I wrote the following shell script for a pg backup:
#!/bin/bash
PG_USER=donato
DATABASE=mydb
SERVER=216.58.219.174
DIR="$HOME/pg_bak"
DATE=$(date +"%m_%d_%y")
FILE="$DATABASE_$DATE"
ERROR_FILE="$HOME/pg_bak/error_bak/$FILE_error.txt"
# pass @ .pgpass
PG_BAK_NOW () {
pg_dump -h $SERVER -U $PG_USER $DATABASE >$FILE 2>$ERROR_FILE
code=$?
if [ $code -ne 0 ]; then
echo 1>&2 "The backup failed (exit code $code), check for errors in $ERROR_FILE"
fi
}
echo "Ready to dump to $FILE" >> "$HOME/pg_status"
cd $DIR
if [ -f "$FILE" ];
then
rm $FILE
PG_BAK_NOW
else
PG_BAK_NOW
fi
When I execute it, I know it executes for a bit of time:
$ pgrep -fl pg_bak.sh
4603 pg_bak.sh
But then it does crash:
$ ./pg_bak.sh
The backup failed (exit code 1), check for errors in /home/viggy/pg_bak/error_bak/.txt
Notice the .txt
part.
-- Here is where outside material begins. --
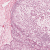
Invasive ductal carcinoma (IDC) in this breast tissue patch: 0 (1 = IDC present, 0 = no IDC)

The name of the error file was supposed to be mydb_6_11_2016_error.txt
, not .txt
. Why did the bash script not interpolate the variable $FILE and the hardcoded string "_error"? It did interpolate $FILE in the dump file correctly, but not the error file. Why?
set -eu
at the beginning of all your shell scripts.set -u
causes an error when an unbound variable such asFILE_error
is encountered.set -e
makes the program exit if anything fails.